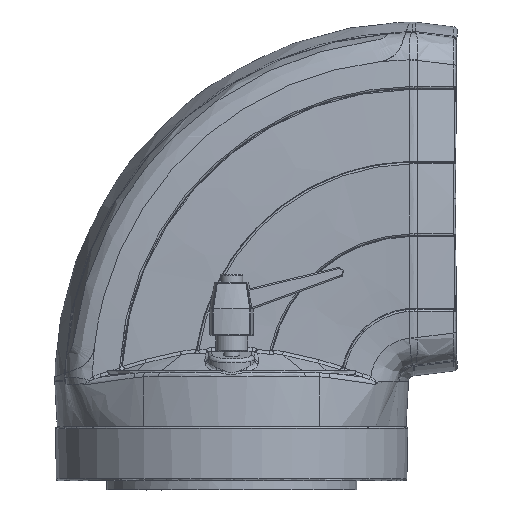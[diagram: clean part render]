
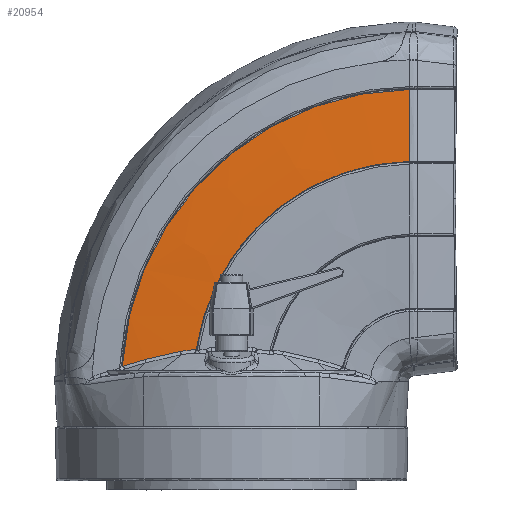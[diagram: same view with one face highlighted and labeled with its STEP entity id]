
A CAD part, left-side view. The second image highlights one B-rep face of the part: STEP entity #20954.
In plain terms, the highlighted free-form (B-spline) face has degree [3, 3] with [4, 4] control points.
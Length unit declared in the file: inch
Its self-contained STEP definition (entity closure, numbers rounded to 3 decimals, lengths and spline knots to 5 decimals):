
#1177 = CARTESIAN_POINT ( 'NONE',  ( -1.74226, -2.66839, 0.24035 ) ) ;
#2280 = VERTEX_POINT ( 'NONE', #63316 ) ;
#2825 = CARTESIAN_POINT ( 'NONE',  ( -1.80202, 0.90415, 0.39231 ) ) ;
#3271 = CARTESIAN_POINT ( 'NONE',  ( -1.80202, 0.81849, 2.40598 ) ) ;
#3480 = CARTESIAN_POINT ( 'NONE',  ( -1.74318, 1.59716, 0.46038 ) ) ;
#4713 = CARTESIAN_POINT ( 'NONE',  ( -1.76262, -2.60555, 4.31983 ) ) ;
#6722 = VERTEX_POINT ( 'NONE', #84093 ) ;
#7828 = CARTESIAN_POINT ( 'NONE',  ( -1.74245, 1.60346, 0.47731 ) ) ;
#8644 = CARTESIAN_POINT ( 'NONE',  ( -1.81424, 0.52009, 0.70924 ) ) ;
#9670 = DIRECTION ( 'NONE',  ( -1., 0., 0. ) ) ;
#10736 = CARTESIAN_POINT ( 'NONE',  ( -1.81424, 0.51956, 0.71123 ) ) ;
#10870 = CARTESIAN_POINT ( 'NONE',  ( -1.77801, 1.16248, 2.61962 ) ) ;
#11337 = CARTESIAN_POINT ( 'NONE',  ( -1.78648, 1.08918, 0.61341 ) ) ;
#11816 = B_SPLINE_CURVE_WITH_KNOTS ( 'NONE', 3,
 ( #62993, #36967, #69277, #23484, #56260, #7828, #43717, #62541, #28467 ),
 .UNSPECIFIED., .F., .F.,
 ( 4, 1, 2, 2, 4 ),
 ( 0., 0.25, 0.375, 0.5, 1. ),
 .UNSPECIFIED. ) ;
#14579 = ORIENTED_EDGE ( 'NONE', *, *, #59828, .T. ) ;
#15446 = CARTESIAN_POINT ( 'NONE',  ( -1.76376, 1.37796, 0.526 ) ) ;
#16721 = CARTESIAN_POINT ( 'NONE',  ( -1.81425, 0.55111, 0.37729 ) ) ;
#16841 = VERTEX_POINT ( 'NONE', #3480 ) ;
#17595 = FACE_OUTER_BOUND ( 'NONE', #27270, .T. ) ;
#18122 = ORIENTED_EDGE ( 'NONE', *, *, #27574, .T. ) ;
#18155 = CARTESIAN_POINT ( 'NONE',  ( -1.77795, -2.60558, 4.13135 ) ) ;
#18703 = CARTESIAN_POINT ( 'NONE',  ( -1.81197, 0.58745, 0.69994 ) ) ;
#20626 = CARTESIAN_POINT ( 'NONE',  ( -1.80488, 0.7509, 0.67674 ) ) ;
#20954 = ADVANCED_FACE ( 'NONE', ( #17595 ), #22216, .T. ) ;
#22036 = CIRCLE ( 'NONE', #34902, 3.22241 ) ;
#22162 = CARTESIAN_POINT ( 'NONE',  ( -1.74318, 1.59716, 0.46038 ) ) ;
#22216 =( BOUNDED_SURFACE ( )  B_SPLINE_SURFACE ( 3, 3, ( 
 ( #44118, #57539, #85339, #16721 ),
 ( #71452, #64284, #3271, #2825 ),
 ( #71017, #58856, #10870, #79511 ),
 ( #30623, #86218, #51696, #58423 ) ),
 .UNSPECIFIED., .F., .F., .T. ) 
 B_SPLINE_SURFACE_WITH_KNOTS ( ( 4, 4 ),
 ( 4, 4 ),
 ( 0., 1. ),
 ( 0., 1. ),
 .UNSPECIFIED. ) 
 GEOMETRIC_REPRESENTATION_ITEM ( )  RATIONAL_B_SPLINE_SURFACE ( (
 ( 1., 0.816, 0.816, 1.),
 ( 1., 0.816, 0.816, 1.),
 ( 1., 0.816, 0.816, 1.),
 ( 1., 0.816, 0.816, 1.) ) ) 
 REPRESENTATION_ITEM ( '' )  SURFACE ( )  );
#22975 = CARTESIAN_POINT ( 'NONE',  ( -1.81425, 0.51913, 0.71327 ) ) ;
#23484 = CARTESIAN_POINT ( 'NONE',  ( -1.74236, 1.60411, 0.48137 ) ) ;
#26390 = CARTESIAN_POINT ( 'NONE',  ( -1.81422, 0.52071, 0.70729 ) ) ;
#27270 = EDGE_LOOP ( 'NONE', ( #81877, #57763, #47406, #79260, #57267, #14579, #18122, #66729 ) ) ;
#27574 = EDGE_CURVE ( 'NONE', #16841, #41553, #73034, .T. ) ;
#28467 = CARTESIAN_POINT ( 'NONE',  ( -1.74318, 1.59716, 0.46038 ) ) ;
#30623 = CARTESIAN_POINT ( 'NONE',  ( -1.74226, -2.64415, 4.52056 ) ) ;
#30735 = CARTESIAN_POINT ( 'NONE',  ( -1.81425, -2.60573, 3.46215 ) ) ;
#31903 = EDGE_CURVE ( 'NONE', #41553, #57027, #42792, .T. ) ;
#32427 = EDGE_CURVE ( 'NONE', #47388, #46253, #54407, .T. ) ;
#34902 = AXIS2_PLACEMENT_3D ( 'NONE', #39406, #66754, #59568 ) ;
#36967 = CARTESIAN_POINT ( 'NONE',  ( -1.74226, 1.60462, 0.4897 ) ) ;
#37838 = CARTESIAN_POINT ( 'NONE',  ( -1.79712, 0.91455, 0.65146 ) ) ;
#39406 = CARTESIAN_POINT ( 'NONE',  ( -1.81425, -2.66839, 0.24035 ) ) ;
#41553 = VERTEX_POINT ( 'NONE', #81948 ) ;
#42792 = B_SPLINE_CURVE_WITH_KNOTS ( 'NONE', 3,
 ( #86693, #11337, #37838, #59771 ),
 .UNSPECIFIED., .F., .F.,
 ( 4, 4 ),
 ( 0., 1. ),
 .UNSPECIFIED. ) ;
#42830 = CARTESIAN_POINT ( 'NONE',  ( -1.77198, 1.27343, 0.55764 ) ) ;
#43717 = CARTESIAN_POINT ( 'NONE',  ( -1.74265, 1.6019, 0.47019 ) ) ;
#44118 = CARTESIAN_POINT ( 'NONE',  ( -1.81425, -2.65014, 3.46271 ) ) ;
#46253 = VERTEX_POINT ( 'NONE', #75428 ) ;
#47388 = VERTEX_POINT ( 'NONE', #50859 ) ;
#47406 = ORIENTED_EDGE ( 'NONE', *, *, #62279, .T. ) ;
#49552 = CARTESIAN_POINT ( 'NONE',  ( -1.75424, 1.48587, 0.49353 ) ) ;
#50859 = CARTESIAN_POINT ( 'NONE',  ( -1.81425, -2.60573, 3.46215 ) ) ;
#51371 = CARTESIAN_POINT ( 'NONE',  ( -1.80899, -2.60569, 3.61425 ) ) ;
#51696 = CARTESIAN_POINT ( 'NONE',  ( -1.74226, 1.50549, 2.83266 ) ) ;
#52357 = CARTESIAN_POINT ( 'NONE',  ( -1.809, 0.66421, 0.69014 ) ) ;
#54407 = B_SPLINE_CURVE_WITH_KNOTS ( 'NONE', 3,
 ( #30735, #51371, #85894, #18155, #4713, #85457 ),
 .UNSPECIFIED., .F., .F.,
 ( 4, 2, 4 ),
 ( 0., 0.5, 1. ),
 .UNSPECIFIED. ) ;
#54665 = VERTEX_POINT ( 'NONE', #66825 ) ;
#56260 = CARTESIAN_POINT ( 'NONE',  ( -1.74242, 1.6037, 0.47862 ) ) ;
#56550 = AXIS2_PLACEMENT_3D ( 'NONE', #1177, #9670, #58537 ) ;
#57027 = VERTEX_POINT ( 'NONE', #20626 ) ;
#57257 = EDGE_CURVE ( 'NONE', #57027, #2280, #79353, .T. ) ;
#57267 = ORIENTED_EDGE ( 'NONE', *, *, #69797, .T. ) ;
#57539 = CARTESIAN_POINT ( 'NONE',  ( -1.81425, -0.83386, 3.45242 ) ) ;
#57763 = ORIENTED_EDGE ( 'NONE', *, *, #63579, .T. ) ;
#58423 = CARTESIAN_POINT ( 'NONE',  ( -1.74226, 1.60802, 0.42225 ) ) ;
#58537 = DIRECTION ( 'NONE',  ( 0., 0.998, 0.059 ) ) ;
#58856 = CARTESIAN_POINT ( 'NONE',  ( -1.77801, -0.43186, 4.15627 ) ) ;
#59568 = DIRECTION ( 'NONE',  ( 0., 0., 1. ) ) ;
#59771 = CARTESIAN_POINT ( 'NONE',  ( -1.80488, 0.7509, 0.67674 ) ) ;
#59828 = EDGE_CURVE ( 'NONE', #6722, #16841, #11816, .T. ) ;
#62279 = EDGE_CURVE ( 'NONE', #54665, #47388, #22036, .T. ) ;
#62541 = CARTESIAN_POINT ( 'NONE',  ( -1.74288, 1.5999, 0.46502 ) ) ;
#62993 = CARTESIAN_POINT ( 'NONE',  ( -1.74226, 1.60445, 0.49251 ) ) ;
#63316 = CARTESIAN_POINT ( 'NONE',  ( -1.81422, 0.52071, 0.70729 ) ) ;
#63373 = CARTESIAN_POINT ( 'NONE',  ( -1.81422, 0.52071, 0.70729 ) ) ;
#63579 = EDGE_CURVE ( 'NONE', #2280, #54665, #80889, .T. ) ;
#64284 = CARTESIAN_POINT ( 'NONE',  ( -1.80202, -0.63269, 3.80465 ) ) ;
#66729 = ORIENTED_EDGE ( 'NONE', *, *, #31903, .T. ) ;
#66754 = DIRECTION ( 'NONE',  ( 1., 0., 0. ) ) ;
#66825 = CARTESIAN_POINT ( 'NONE',  ( -1.81425, 0.51913, 0.71327 ) ) ;
#69277 = CARTESIAN_POINT ( 'NONE',  ( -1.74229, 1.60458, 0.48552 ) ) ;
#69797 = EDGE_CURVE ( 'NONE', #46253, #6722, #83761, .T. ) ;
#71017 = CARTESIAN_POINT ( 'NONE',  ( -1.77801, -2.64615, 4.16881 ) ) ;
#71452 = CARTESIAN_POINT ( 'NONE',  ( -1.80202, -2.64814, 3.81606 ) ) ;
#73034 = B_SPLINE_CURVE_WITH_KNOTS ( 'NONE', 3,
 ( #22162, #49552, #15446, #42830 ),
 .UNSPECIFIED., .F., .F.,
 ( 4, 4 ),
 ( 0., 1. ),
 .UNSPECIFIED. ) ;
#75428 = CARTESIAN_POINT ( 'NONE',  ( -1.74226, -2.60552, 4.52017 ) ) ;
#79260 = ORIENTED_EDGE ( 'NONE', *, *, #32427, .T. ) ;
#79353 = B_SPLINE_CURVE_WITH_KNOTS ( 'NONE', 3,
 ( #86440, #52357, #18703, #26390 ),
 .UNSPECIFIED., .F., .F.,
 ( 4, 4 ),
 ( 0., 1. ),
 .UNSPECIFIED. ) ;
#79511 = CARTESIAN_POINT ( 'NONE',  ( -1.77801, 1.25658, 0.4073 ) ) ;
#80889 = B_SPLINE_CURVE_WITH_KNOTS ( 'NONE', 3,
 ( #63373, #8644, #10736, #22975 ),
 .UNSPECIFIED., .F., .F.,
 ( 4, 4 ),
 ( 0., 1. ),
 .UNSPECIFIED. ) ;
#81877 = ORIENTED_EDGE ( 'NONE', *, *, #57257, .T. ) ;
#81948 = CARTESIAN_POINT ( 'NONE',  ( -1.77198, 1.27343, 0.55764 ) ) ;
#83761 = CIRCLE ( 'NONE', #56550, 4.28028 ) ;
#84093 = CARTESIAN_POINT ( 'NONE',  ( -1.74226, 1.60445, 0.49251 ) ) ;
#85339 = CARTESIAN_POINT ( 'NONE',  ( -1.81425, 0.47392, 2.19197 ) ) ;
#85457 = CARTESIAN_POINT ( 'NONE',  ( -1.74226, -2.60552, 4.52017 ) ) ;
#85894 = CARTESIAN_POINT ( 'NONE',  ( -1.80113, -2.60565, 3.77856 ) ) ;
#86218 = CARTESIAN_POINT ( 'NONE',  ( -1.74226, -0.2316, 4.5069 ) ) ;
#86440 = CARTESIAN_POINT ( 'NONE',  ( -1.80488, 0.7509, 0.67674 ) ) ;
#86693 = CARTESIAN_POINT ( 'NONE',  ( -1.77198, 1.27343, 0.55764 ) ) ;
==================================================
What to work on> Return each line of the data where the word "CIRCLE" appears.

Solution to this exercise>
#22036 = CIRCLE ( 'NONE', #34902, 3.22241 ) ;
#83761 = CIRCLE ( 'NONE', #56550, 4.28028 ) ;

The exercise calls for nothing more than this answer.